By Marvin N. Bagwell
March 25, 2008

Just in case you missed it, here is the most recent addition to the list of famous last words: 'Your honor, you just don't understand how things work.' According to press reports, that is how Judge Christopher A. Boyko of the Federal District
Court in Cleveland, OH, characterized the foreclosing lender's counsel response to the judge's request for proof that the lender, Deutsche Bank, actually owned the 14 unpaid mortgages that the lender was asking the court to foreclose.

The mortgages were part of a package of thousands of such loans purchased as a part of a Structured Investment Vehicle ('SIV') by Deutsche Bank.

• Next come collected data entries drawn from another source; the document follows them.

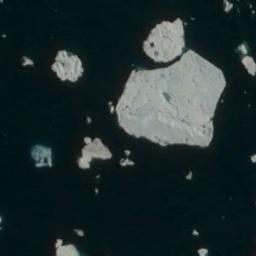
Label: sea_ice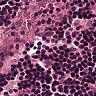
Metastatic tissue present: no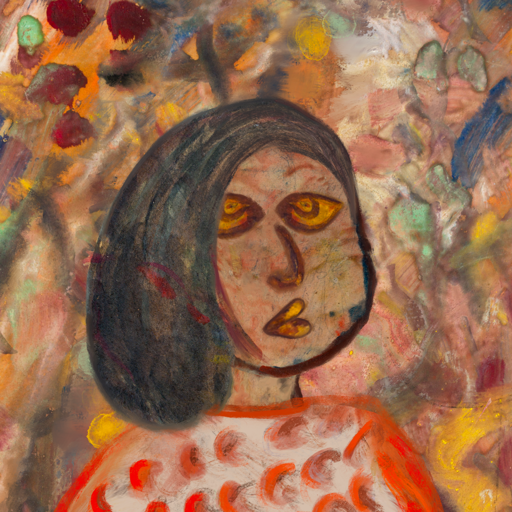
Background: Mother_And_Son_Mother, Head And Neck Side: Orphan, Face Side: Comrade, Bust: Rupkatha, Hair Side: Gypsy_Mother, Head Accessory: Blank, Second Necklace: Blank, Necklace: Blank, Baby: Blank

Apparently, somewhere between the closing, the packaging of the mortgages, their securitization by the packager, and the sale of the package to Deutsche Bank, the original mortgage documents had been lost. The only thing that Deutsche Bank's counsel could produce was a document showing an 'intent to convey the mortgages.' In dismissing Deutsche Bank's foreclosure action, an exasperated Judge Boyko wrote that the banks 'seem to adopt the attitude that since they have been doing this for so long unchallenged, this practice equates with legal compliance.' (See Amir Efrati, The Wall Street Journal, Nov. 30, 2007, p. B6, and Gretchen Morgenson, 'Foreclosures Hit a Snag for Lenders,' The New York Times, Nov. 15, 2007)

Once word of Judge Boyko's decision reached the popular press, the blogosphere immediately lit up. One participant commented that lenders should be held to task and required to produce ownership of mortgages because such ownership is 'the heart of Western property rights since the Magna Carta.' (digg.com) Other comments were more inflammatory.